Excluding the items in the table above, Hub's net earnings for the nine months ended September 30, 2005 would have increased 36% to $38.8 million from $28.5 million, while revenue grew at a 30% rate. Net earnings per diluted share, excluding the items above, would have grown 28% to $1.10 from $0.86 in the same period.

Hub ended the third quarter with cash and equivalents of $122.4 million, up 25% from $98.2 million at December 31, 2004 and up from $114.6 million at June 30, 2005. Operating activities generated $36.4 million of cash in the first nine months of the current year, up from $30.9 million in the first nine months of 2004. Of the $122.4 million of cash and equivalents at September 30, 2005, approximately $78.0 was available for use in acquisitions.

Favorable Outlook for Continued Long-Term Growth

Looking ahead into 2006, Hughes expressed confidence that Hub can continue to compete effectively as the company pursues its growth strategies.

"Our sales pipeline is strong and we are gaining further traction in the development of our sales culture," he noted. "We anticipate some firming of rates during 2006, both due to fundamental underwriting economics and the aftermath of a disastrous hurricane season.

"We are also making measurable progress in our plan to increase the profitability of our business, both by controlling expenses, such as employee cash compensation, and by building the sales base in each office. The combined impact of these initiatives should be favorable for Hub as we pursue our strategies for expansion."

The Talbot Charge

Hub discloses the impact of compensation related to the Talbot acquisition in order to give investors increased insight into Hub's results of operations and the effective cost of the Talbot acquisition.

Total consideration paid to acquire Talbot includes both $90 million cash paid to Safeco Corporation and the issuance of restricted and non-restricted Hub shares--or comparable amounts of cash--to approximately 70 Talbot executives. The total consideration is within Hub's target range of paying 5-7 times EBITDA (earnings before interest, taxes, depreciation and amortization) for acquired brokerages.

As the executives participating in this earnout were not shareholders of Talbot prior to the sale, the earnout compensation they receive under the terms of the purchase agreement is recorded as compensation expense. This compensation expense, which is not deductible for tax purposes, will be charged to earnings through the first quarter of 2007 and will affect earnings comparisons through 2007, making it difficult for investors to analyze the company's results in comparison to prior years and industry peers.

Hub has the option to pay the executives with cash or shares. The first Talbot earnout payment in the amount of $16.4 million was paid in cash on September 1, 2005. Management expects future payments to be made in common shares; however, the choice of cash or shares will depend on circumstances at the time of payment.

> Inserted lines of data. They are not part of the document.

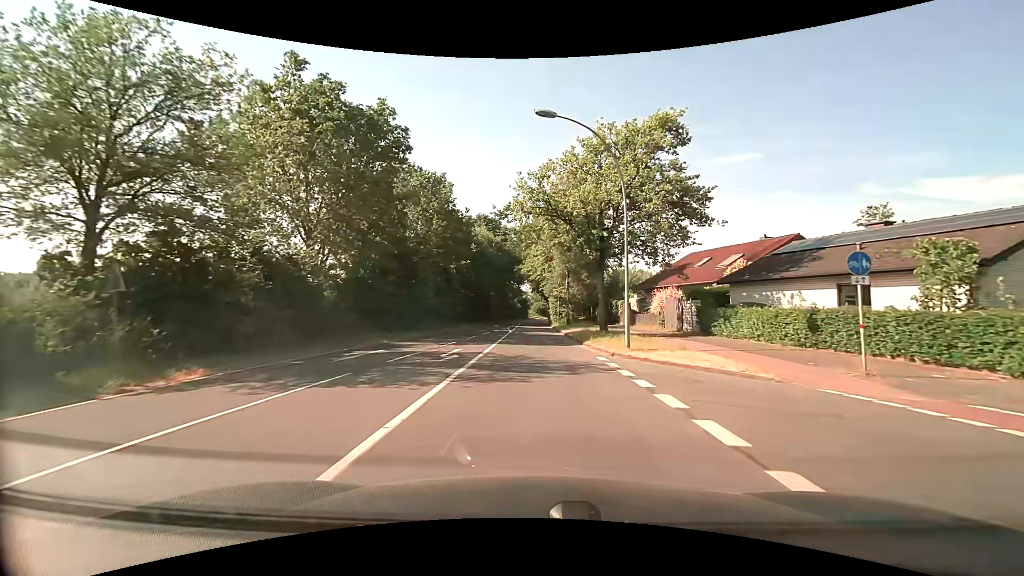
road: tertiary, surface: asphalt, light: Day
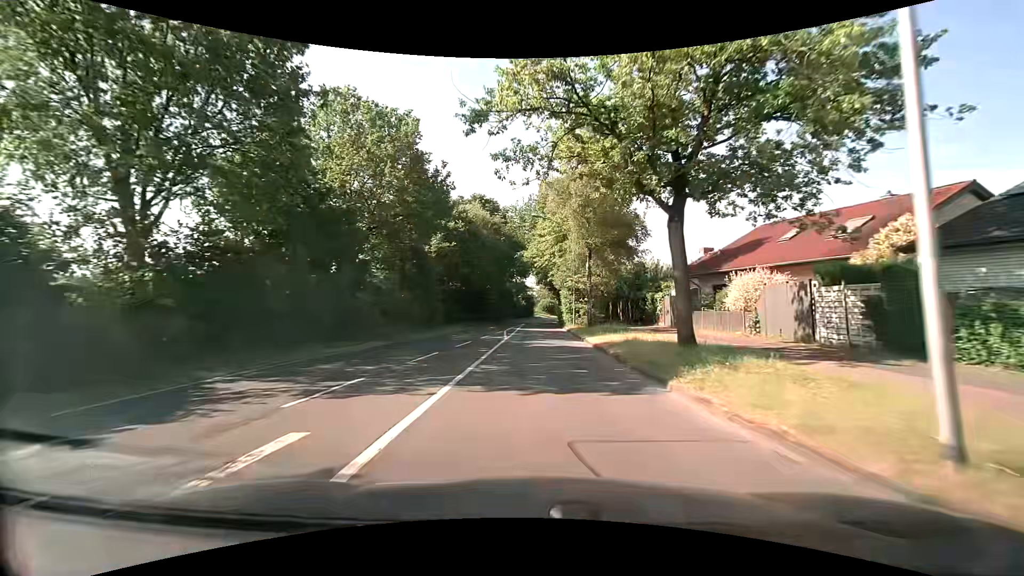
(0.0, +13.5) m; 0°
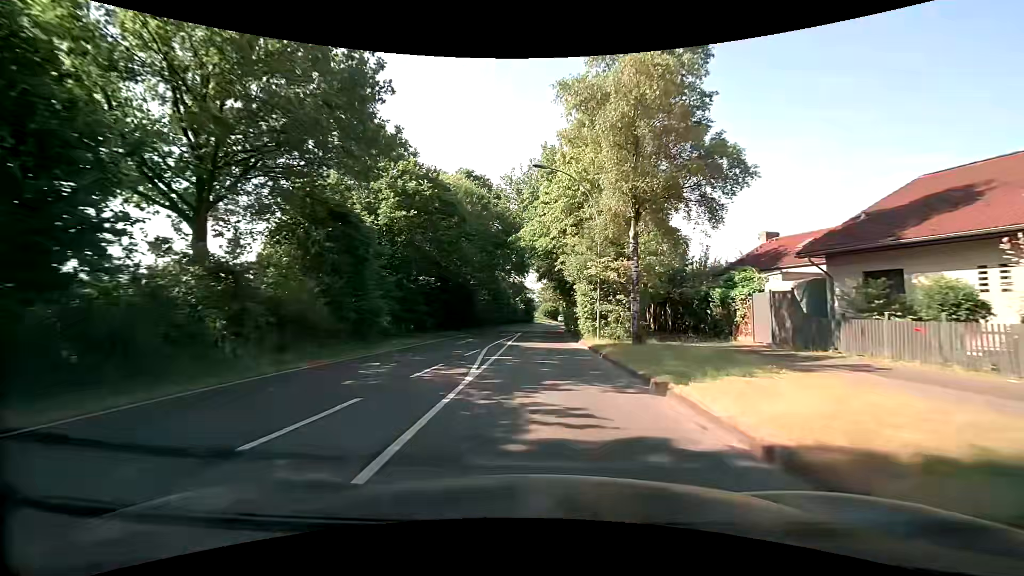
(-0.1, +14.3) m; 0°
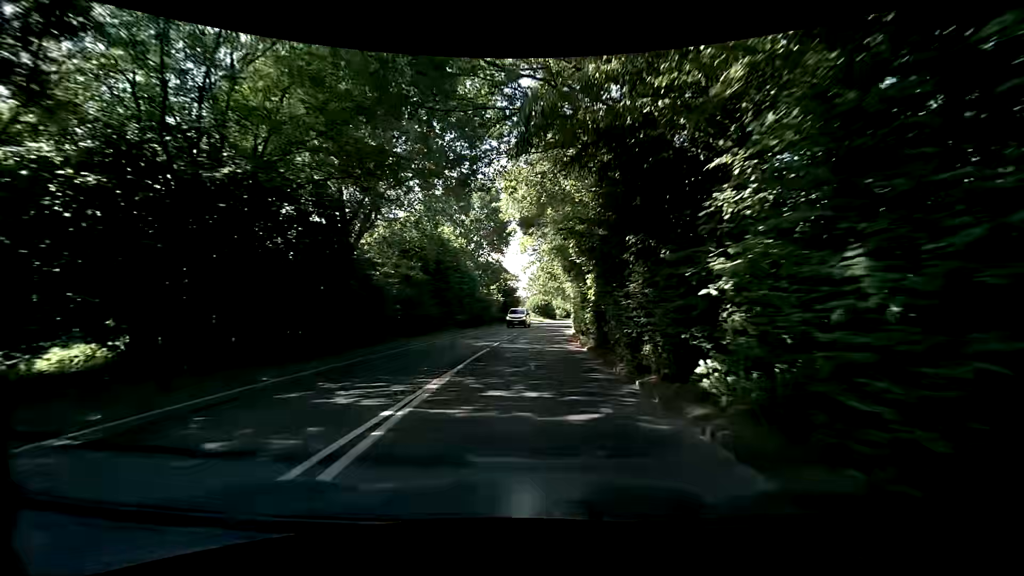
(+0.4, +30.1) m; +1°
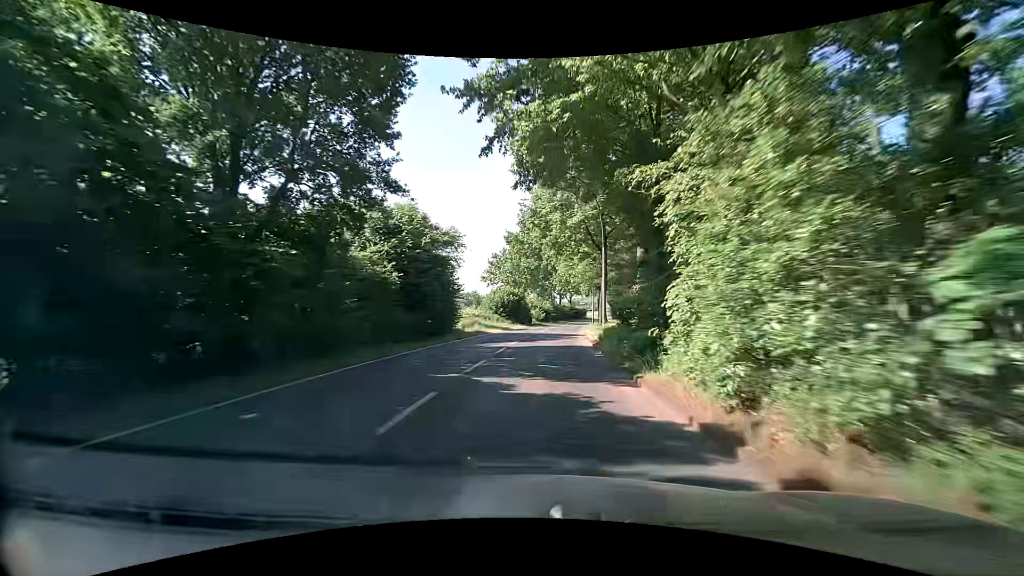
(+1.3, +38.0) m; +4°
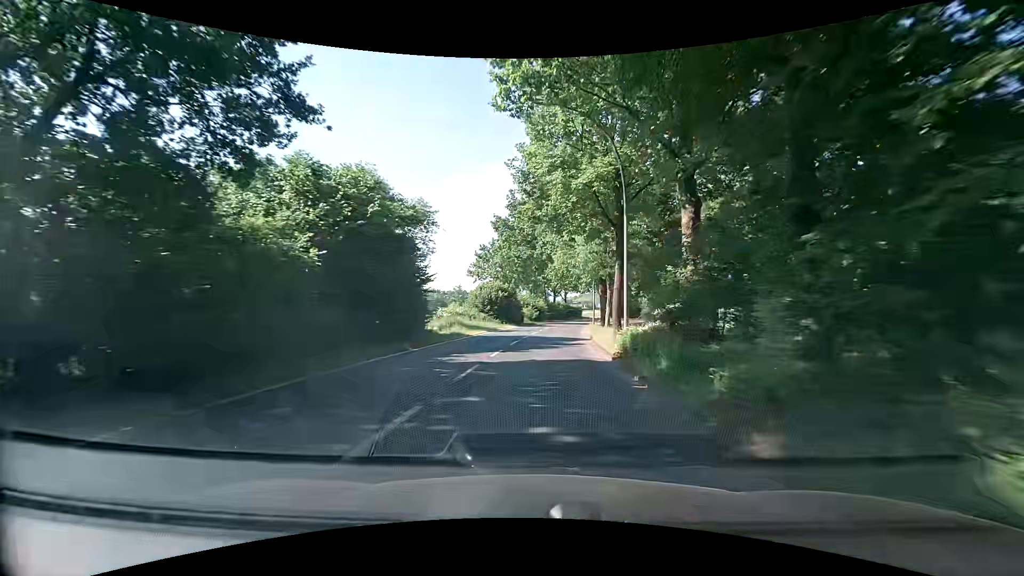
(+0.1, +7.7) m; +1°
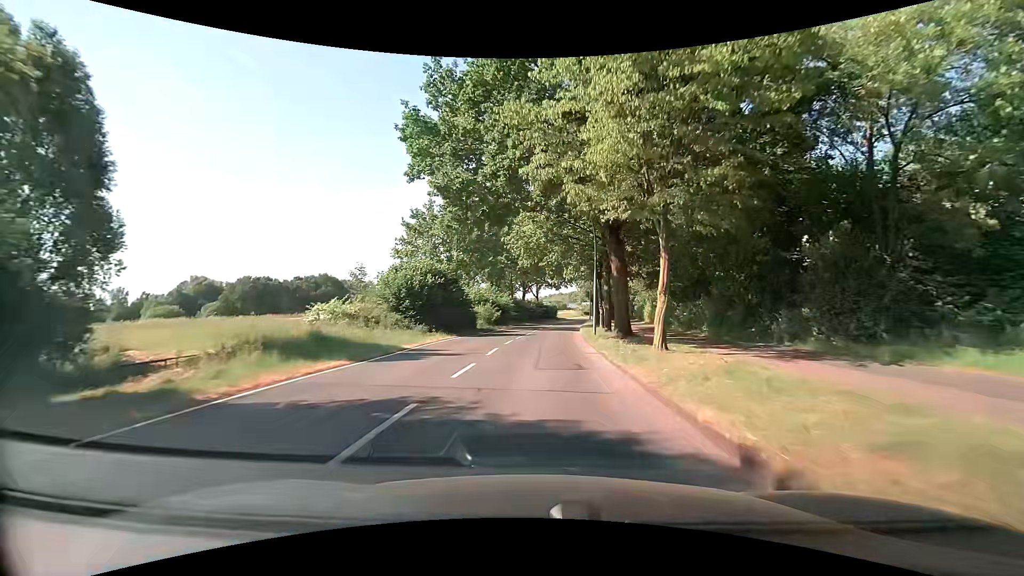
(+0.9, +23.1) m; +4°
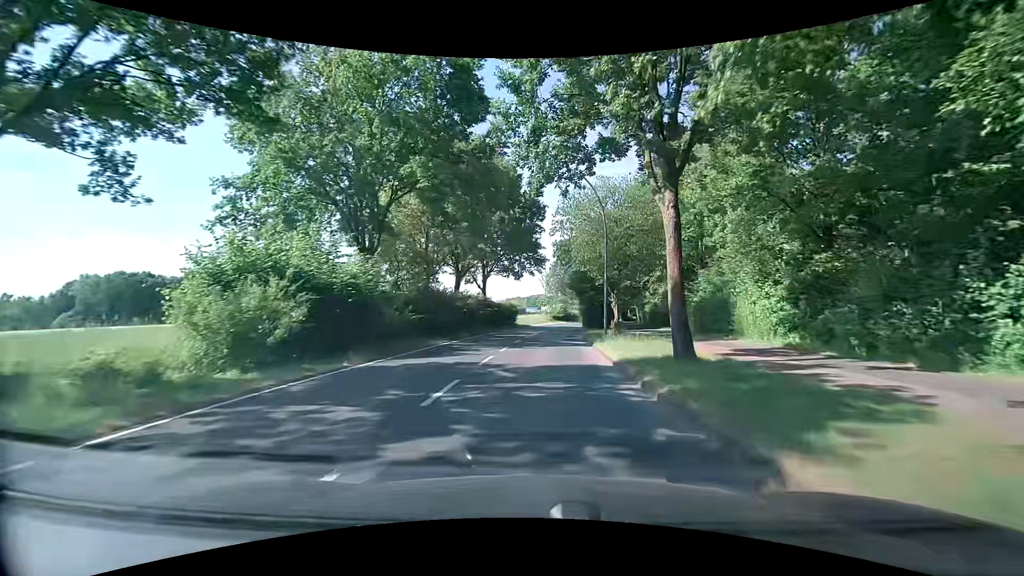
(+1.1, +37.9) m; +5°
(0, +10) (0, +20) (+1, +30) (+1, +40) (+2, +50) (+3, +60) (+4, +70) (+6, +80) (+8, +90) (+10, +99) m

In the first nine months of 2005, Hub recorded $23.5 million of compensation for Talbot, based on a total estimated earnout liability of approximately $53 million. The amount of this compensation may vary from quarter to quarter, reflecting profitability of Talbot. Based on the current expected earnout of approximately $53 million, the estimated charge to earnings will be:



2004 $14.4 million (actual)
2005 $27.9 million
2006 $9.3 million
2007 $1.7 million



Conference Call and Webcast

Hub International will discuss its financial results and outlook on a conference call scheduled for 9:30 a.m. (CT), 10:30 a.m. (ET) today, October 26, 2005. This call is being webcast by Thompson/CCBN and can be accessed at Hub International's web site at www.hubinternational.com. The webcast is also being distributed through the Thomson StreetEvents Network to both institutional and individual investors. Individual investors can listen to the call at www.fulldisclosure.com, Thomson/CCBN's individual investor portal, powered by StreetEvents. Institutional investors can access the call via Thomson's password-protected event management site, StreetEvents (www.streetevents.com).

Headquartered in Chicago, IL, Hub International Limited is a leading North American insurance brokerage that provides a broad array of property and casualty, life and health, employee benefits, investment and risk management products and services through offices located in the United States and Canada.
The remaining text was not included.